▶ Aim of the exercise
Give the lines again, unchanged, starting with the line containing "STEP (ISO 10303-21)" and ending with the last line of the data below.

▶ Data for analysis
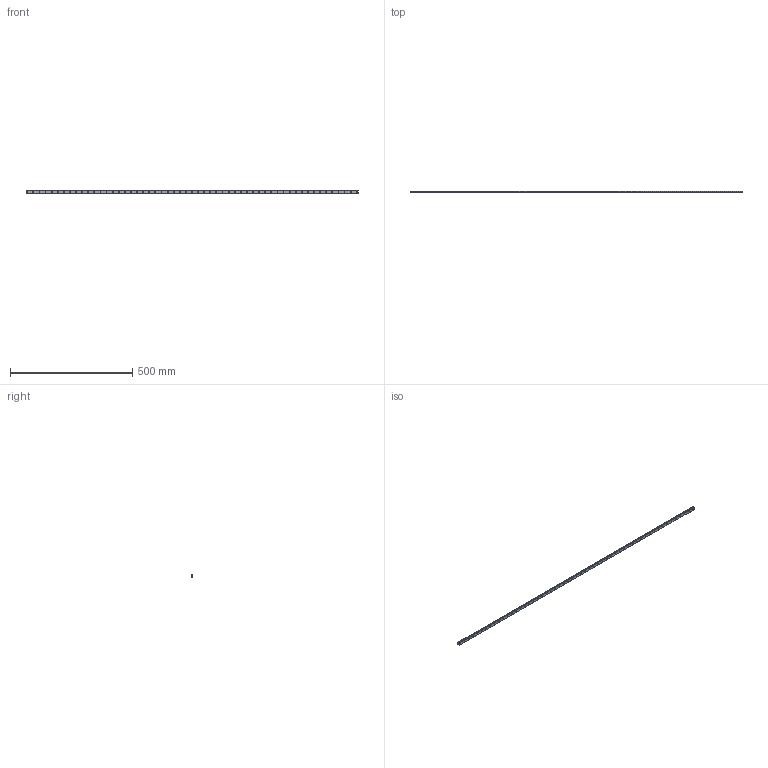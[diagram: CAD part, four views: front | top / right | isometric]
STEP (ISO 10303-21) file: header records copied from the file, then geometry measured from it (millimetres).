
FILE_DESCRIPTION (( 'STEP AP214' ), '1' );
FILE_NAME ('SRS12MSS-1360LM_G5_0_0_0_0_0_1.STEP', '2021-08-10T12:16:55', ( '' ), ( '' ), 'SwSTEP 2.0', 'SolidWorks 2021', '' );
FILE_SCHEMA (( 'AUTOMOTIVE_DESIGN' ));
Length unit declared in the file: millimetre
Products named in the file (2): _SRS12M13605 Track; SRS12MSS-1360LM_G5_0_0_0_0_0_1
Assembly tree (1 placements, depth 2):
  SRS12MSS-1360LM_G5_0_0_0_0_0_1
    _SRS12M13605 Track
Bounding box: 1360 x 7.5 x 12 mm (x, y, z)
Volume: 110284.8 mm3; surface area: 58741.2 mm2
Topology: 1 solids, 1 shells, 294 faces, 711 edges, 474 vertices
Faces by surface type: cylinder 227, plane 67
Entity records: 9135 total; most frequent: DIRECTION 1761, CARTESIAN_POINT 1483, ORIENTED_EDGE 1422, AXIS2_PLACEMENT_3D 752, EDGE_CURVE 711, VERTEX_POINT 474, EDGE_LOOP 459, CIRCLE 454

▶ Result below
STEP (ISO 10303-21) file: header records copied from the file, then geometry measured from it (millimetres).
FILE_DESCRIPTION (( 'STEP AP214' ), '1' );
FILE_NAME ('SRS12MSS-1360LM_G5_0_0_0_0_0_1.STEP', '2021-08-10T12:16:55', ( '' ), ( '' ), 'SwSTEP 2.0', 'SolidWorks 2021', '' );
FILE_SCHEMA (( 'AUTOMOTIVE_DESIGN' ));
Length unit declared in the file: millimetre
Products named in the file (2): _SRS12M13605 Track; SRS12MSS-1360LM_G5_0_0_0_0_0_1
Assembly tree (1 placements, depth 2):
  SRS12MSS-1360LM_G5_0_0_0_0_0_1
    _SRS12M13605 Track
Bounding box: 1360 x 7.5 x 12 mm (x, y, z)
Volume: 110284.8 mm3; surface area: 58741.2 mm2
Topology: 1 solids, 1 shells, 294 faces, 711 edges, 474 vertices
Faces by surface type: cylinder 227, plane 67
Entity records: 9135 total; most frequent: DIRECTION 1761, CARTESIAN_POINT 1483, ORIENTED_EDGE 1422, AXIS2_PLACEMENT_3D 752, EDGE_CURVE 711, VERTEX_POINT 474, EDGE_LOOP 459, CIRCLE 454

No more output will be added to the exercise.